Well Im trying to press the Like button but the site said unlike when I did.

Good for you I haven't read a "I made a mistake and learned from it too!! statement in a long time . I cant believe how many Perfect nurses there are in this world today. Nobody who's ever made a med error, fallen wowfully behind on a med pass, when someone is c/o not feeling well and not responding with PRN fast enough (usually based on somebodyelse's opinion of the need for the PRN) etcc..

Specializes in Trauma, Teaching.
lisa861971 said:
So I got reeducation to drop everything I'm doing and call a code in that situation. I'm sure state will be notified I'm afraid I will lose my license. Please help, what can happe to me...

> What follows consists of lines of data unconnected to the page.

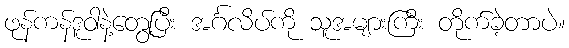
ဖုန်ကန်ဒူဝါနဲ့တွေ့ပြီး အင်္ဂလိပ်ကို သူအများကြီး တိုက်ခဲ့တာပဲ။
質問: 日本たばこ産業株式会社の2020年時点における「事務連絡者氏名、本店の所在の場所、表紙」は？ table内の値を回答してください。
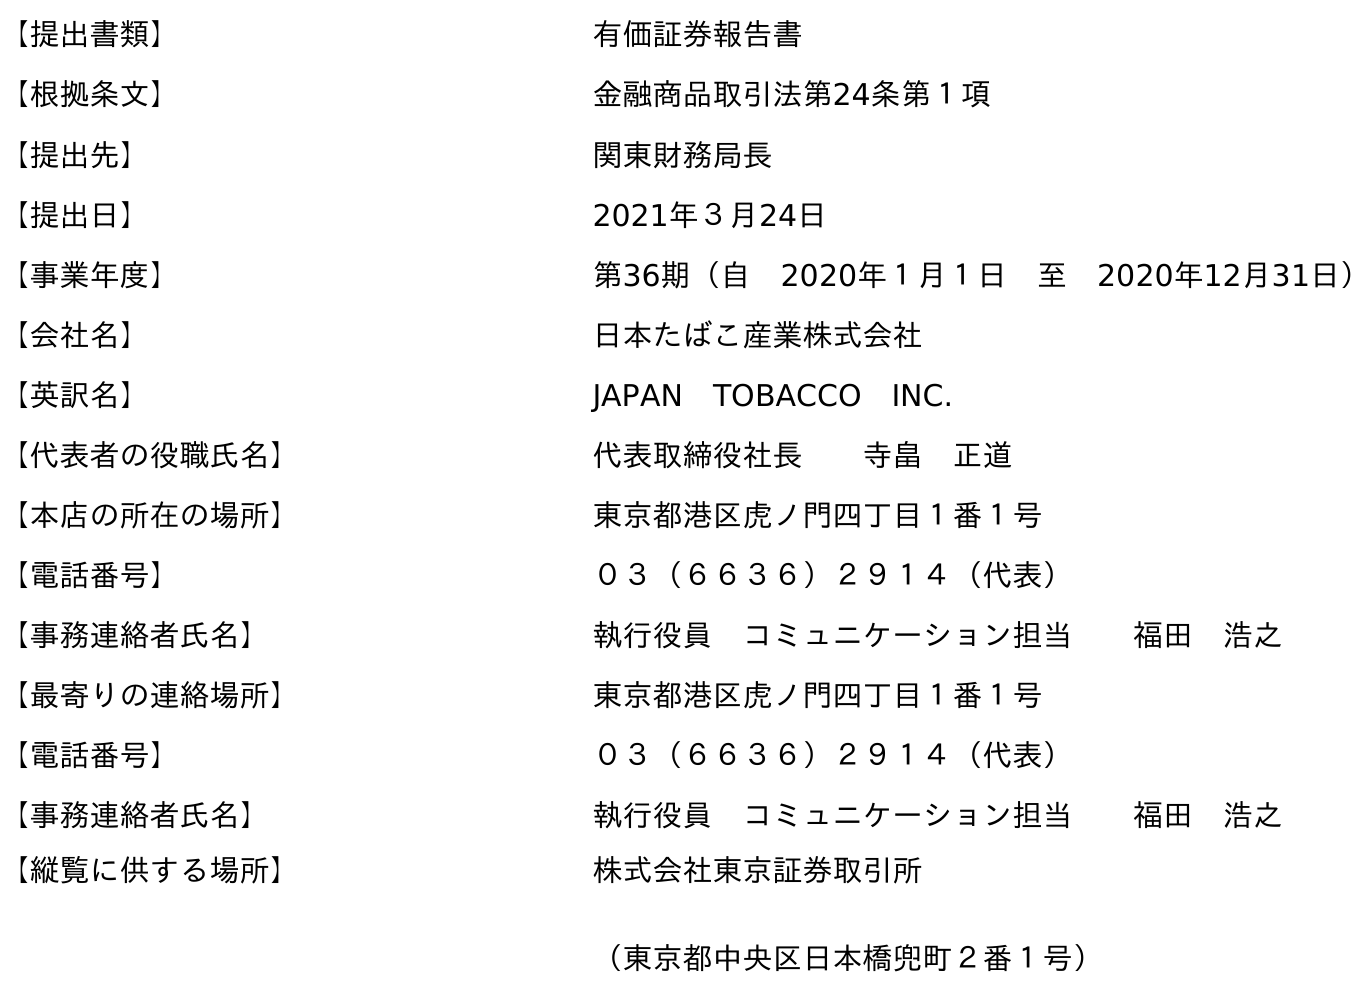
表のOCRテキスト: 【提出書類】 有価証券報告書 【根拠条文】 金融商品取引法第24条第１項 【提出先】 関東財務局長 【提出日】 2021年３月24日 【事業年度】 第36期（自 2020年１月１日 至 2020年12月31日） 【会社名】 日本たばこ産業株式会社 【英訳名】 JAPAN TOBACCO INC. 【代表者の役職氏名】 代表取締役社長  寺畠 正道 【本店の所在の場所】 東京都港区虎ノ門四丁目１番１号 【電話番号】 ０３（６６３６）２９１４（代表） 【事務連絡者氏名】 執行役員 コミュニケーション担当  福田 浩之 【最寄りの連絡場所】 東京都港区虎ノ門四丁目１番１号 【電話番号】 ０３（６６３６）２９１４（代表） 【事務連絡者氏名】 執行役員 コミュニケーション担当  福田 浩之 【縦覧に供する場所】 株式会社東京証券取引所 （東京都中央区日本橋兜町２番１号）
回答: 執行役員　コミュニケーション担当福田　浩之
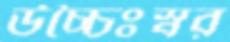
উচ্চৈঃস্বর
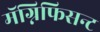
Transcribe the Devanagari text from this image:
मॅग्निफिसन्ट
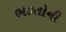
ભકતોની
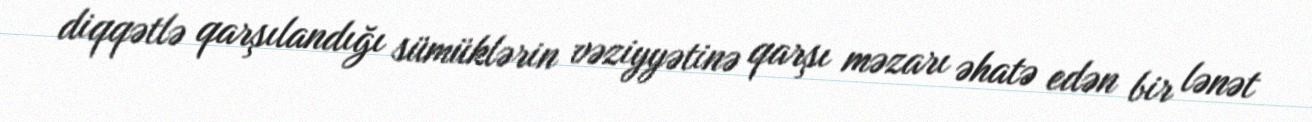
diqqətlə qarşılandığı sümüklərin vəziyyətinə qarşı məzarı əhatə edən bir lənət
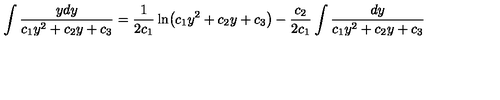
\int \frac { y d y } { c _ { 1 } y ^ { 2 } + c _ { 2 } y + c _ { 3 } } = \frac { 1 } { 2 c _ { 1 } } \ln \bigl ( c _ { 1 } y ^ { 2 } + c _ { 2 } y + c _ { 3 } \bigr ) - \frac { c _ { 2 } } { 2 c _ { 1 } } \int \frac { d y } { c _ { 1 } y ^ { 2 } + c _ { 2 } y + c _ { 3 } }
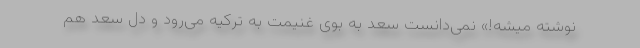
نوشته میشه!» نمی‌دانست سعد به بوی غنیمت به ترکیه می‌رود و دل سعد هم
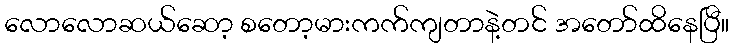
လောလောဆယ်ဆော့ စတော့မားကက်ကျတာနဲ့တင် အတော်ထိနေပြီ။
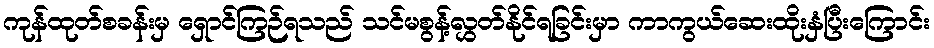
ကုန်ထုတ်စခန်းမှ ရှောင်ကြဉ်ရသည် သင်မစွန့်လွှတ်နိုင်ရခြင်းမှာ ကာကွယ်ဆေးထိုးနှံပြီးကြောင်း
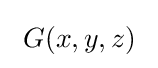
~G(x,y,z)~
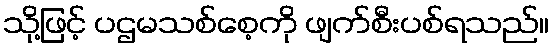
သို့ဖြင့် ပဌမသစ်စေ့ကို ဖျက်စီးပစ်ရသည်။

Since they gave you reeducation, it means they just want you to do better next time. Otherwise you'ld have already been fired and reported.

This is a really old thread, if you want more comments, I'd suggest starting your own new thread.

Specializes in Med/Surg/.

I worked with a nurse who left a patient at the end of her day shift at 7pm on a bedpan. The next morning a little after 7 am, a CNA found the patient still on the bedpan. Let me tell you, that was a major incident. As I'm sure you know, she developed a terrible decubitus and the nightshift nurse was fired for not assessing this little elderly lady enough to know that she was on the bedpan her entire shift. Everyone was so critical of this nurse, but I knew that even though she made a huge mistake, she was actually not a bad nurse, she was just overworked and overstressed.

This is so wrong on many levels. No CNA on night? Little old lady? No one checked her all night? I am sure it was a major thing. I'll shut up now.....I hope your nurse friend went into home health where she can get some rest and have a breather.